There’s no doubt that this happens in music. Many of the critical darlings of the music industry are record collectors. From Stereolab to Beck to the Beastie Boys to DJ Shadow – groundbreaking albums are created by musicians who love listening to music as much as they love playing it.
This is the underlying joy of LCD Soundsystem’s works, including their new record, “Sound of Silver.” James Murphy, LCD Soundsystem front man and producer for pioneering DFA records, put his record-store employee credentials on proud display on the bonus disk of his first record with the hipster-slapstick track, “Losing My Edge.” Throwing around a series of bored announcements about the shows he’s been to and bemoaning the fact that everyone younger than himself is already coming up with better ideas, the track is as hilarious as it is insightful about what makes these records so good.
The album mixes the electronic sensibilities of a generation raised on jokes about disco and dares to inject liquid bell-bottoms into the veins of punk boys with Mohawks. While there aren’t any trashed guitars or screaming about anarchy on display here, the spirit of irony and subversion is running loose through all nine tracks.

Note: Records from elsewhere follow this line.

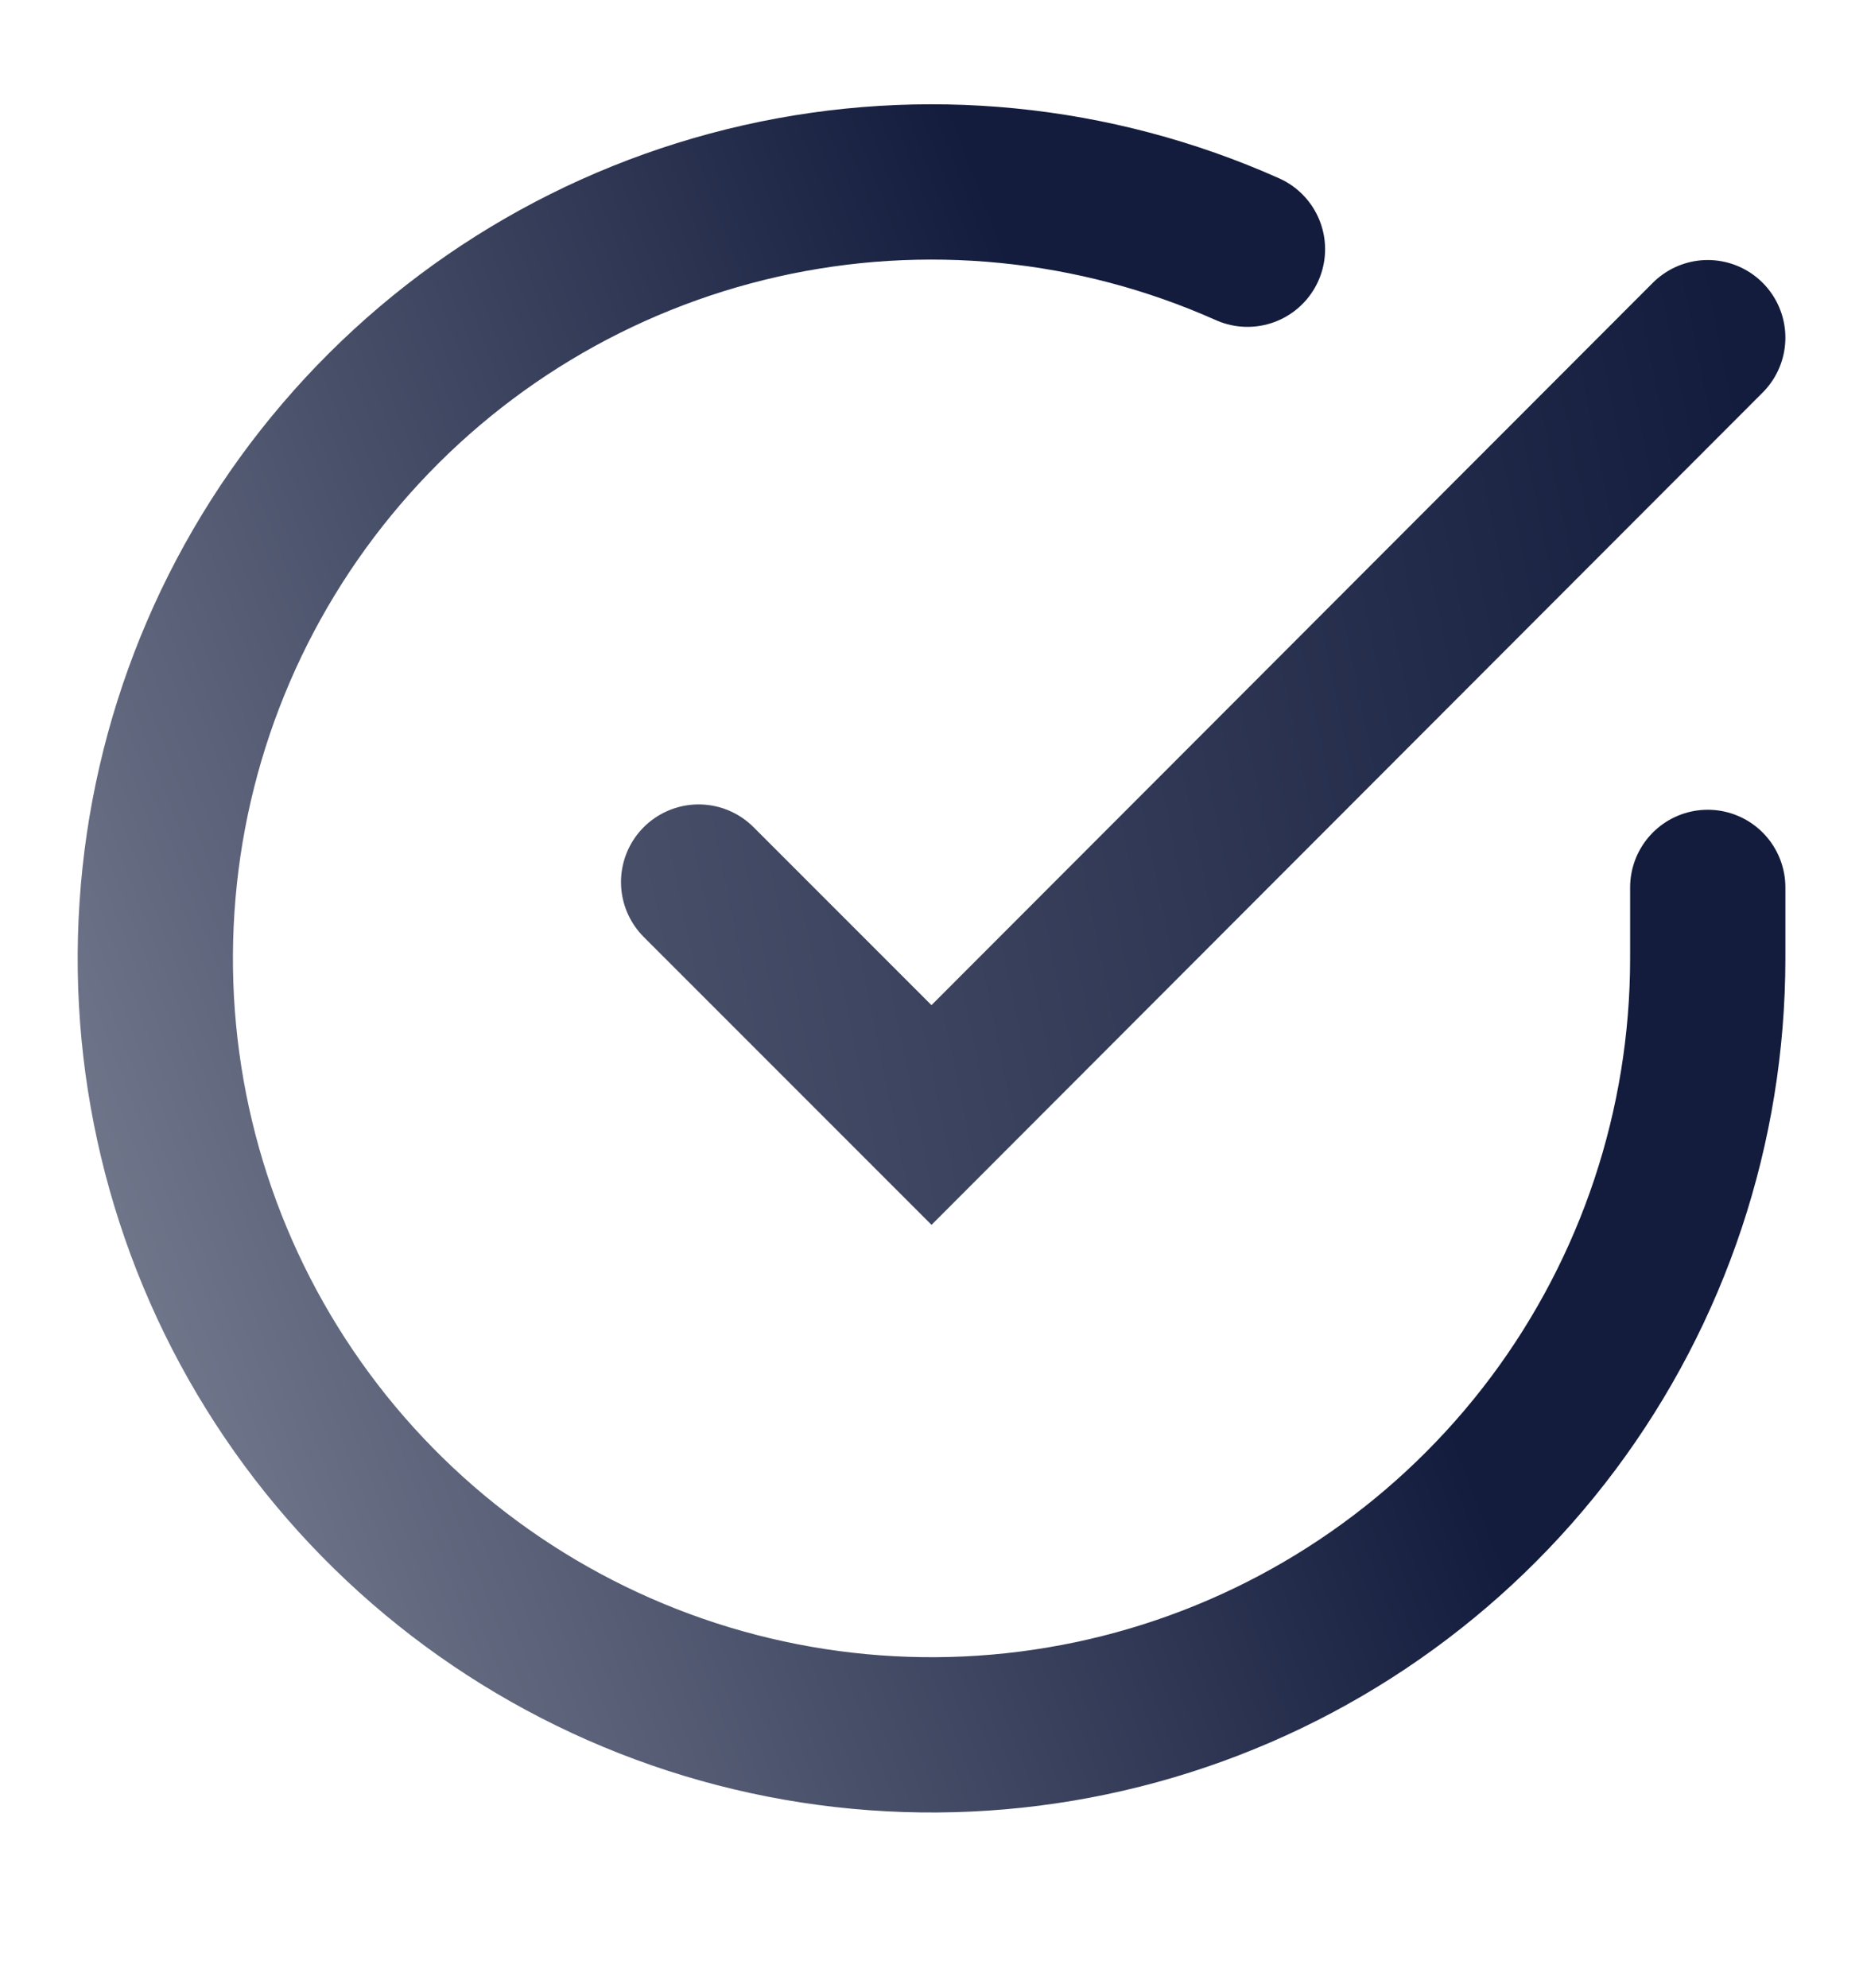 <svg width="15" height="16" viewBox="0 0 15 16" fill="none" xmlns="http://www.w3.org/2000/svg">
<g id="check-circle.svg" clip-path="url(#clip0_626_786)">
<path id="Vector" d="M13.75 7.143V7.718C13.749 9.066 13.313 10.377 12.506 11.457C11.699 12.536 10.565 13.326 9.272 13.708C7.98 14.09 6.598 14.044 5.334 13.577C4.07 13.11 2.99 12.247 2.257 11.117C1.523 9.986 1.175 8.648 1.264 7.303C1.352 5.959 1.873 4.678 2.749 3.654C3.625 2.629 4.808 1.915 6.123 1.618C7.437 1.321 8.813 1.457 10.044 2.006" stroke="url(#paint0_linear_626_786)" stroke-width="1.25" stroke-linecap="round"/>
<path id="Vector_2" d="M13.75 2.718L7.5 8.975L5.625 7.1" stroke="url(#paint1_linear_626_786)" stroke-width="1.25" stroke-linecap="round"/>
</g>
<defs>
<linearGradient id="paint0_linear_626_786" x1="0.625" y1="9.593" x2="9.688" y2="6.156" gradientUnits="userSpaceOnUse">
<stop stop-color="#71778B"/>
<stop offset="1" stop-color="#131C3D"/>
</linearGradient>
<linearGradient id="paint1_linear_626_786" x1="-2.5" y1="8.343" x2="14.375" y2="4.906" gradientUnits="userSpaceOnUse">
<stop stop-color="#71778B"/>
<stop offset="1" stop-color="#131C3D"/>
</linearGradient>
<clipPath id="clip0_626_786">
<rect width="15" height="15" fill="white" transform="translate(0 0.218)"/>
</clipPath>
</defs>
</svg>

There’s earnestness, too. The standout track, “Someone Great,” is as sincere as Murphy gets on this record. Chimes and buzzy synths provide an anthem of regret over dumb mistakes that prematurely end the most important relationships – “and it keeps coming, and it keeps coming, and it keeps coming till the day it stops.” If there is a song that captures this sense of repentance more aptly, it has yet to have graced my ears.
While the album is dark, it is also deeply soaked in irony. It is a chewy kind of irony. The kind that coats the surface of the friends who genuinely love you, but are also infinitely cooler than you could ever hope to be.
As a kid from a nowhere town in New Hampshire, my first trips into the big city were always full of that kind of bliss. Driving around at 2 a.m., surrounded by skyscrapers where there used to be trees, it was impossible not to harbor the conviction that life had more possibility than I had ever imagined. It’s the kind of meaning you find, somehow, despite the fact that your night consisted of nightclubs, stumbling around on empty city streets and finally sitting down to a late night breakfast slam. “Sound of Silver” is the perfect soundtrack to those revelations.